## Exercise
Each entry below must be repeated exactly. Leave the pictures out of it.

## Entries provided
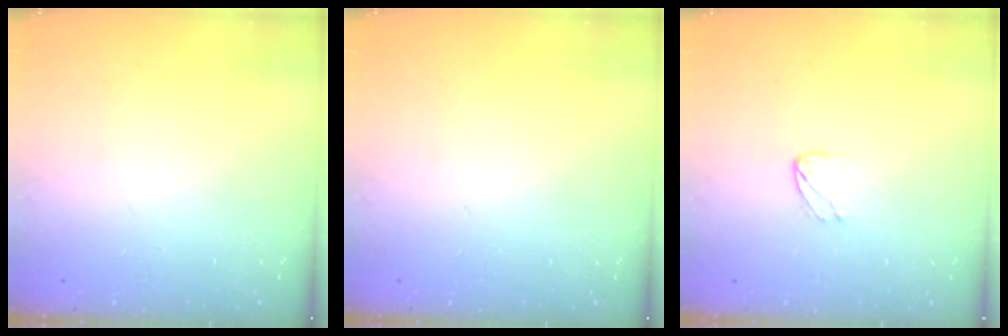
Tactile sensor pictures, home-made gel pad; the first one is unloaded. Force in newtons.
{"total": 0.0}
{"total": 3.8, "press": 3.8, "slide": 0.3}
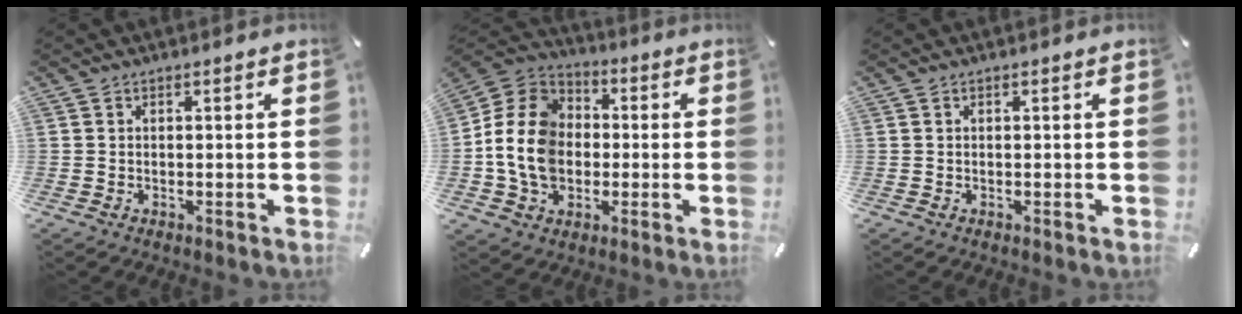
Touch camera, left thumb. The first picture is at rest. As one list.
[{"total": 14.5, "force": [-2.0, 12.4, 7.1], "torque": [-0.183, 0.027, -0.037]}, {"total": 0.0}]
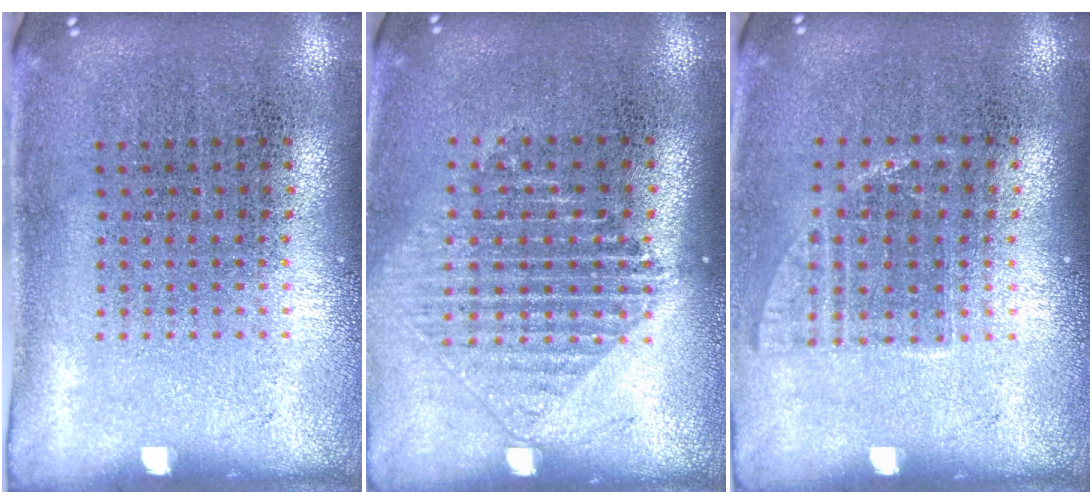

## Task solution
Tactile sensor pictures, home-made gel pad; the first one is unloaded. Force in newtons.
{"total": 0.0}
{"total": 3.8, "press": 3.8, "slide": 0.3}
Touch camera, left thumb. The first picture is at rest. As one list.
[{"total": 14.5, "force": [-2.0, 12.4, 7.1], "torque": [-0.183, 0.027, -0.037]}, {"total": 0.0}]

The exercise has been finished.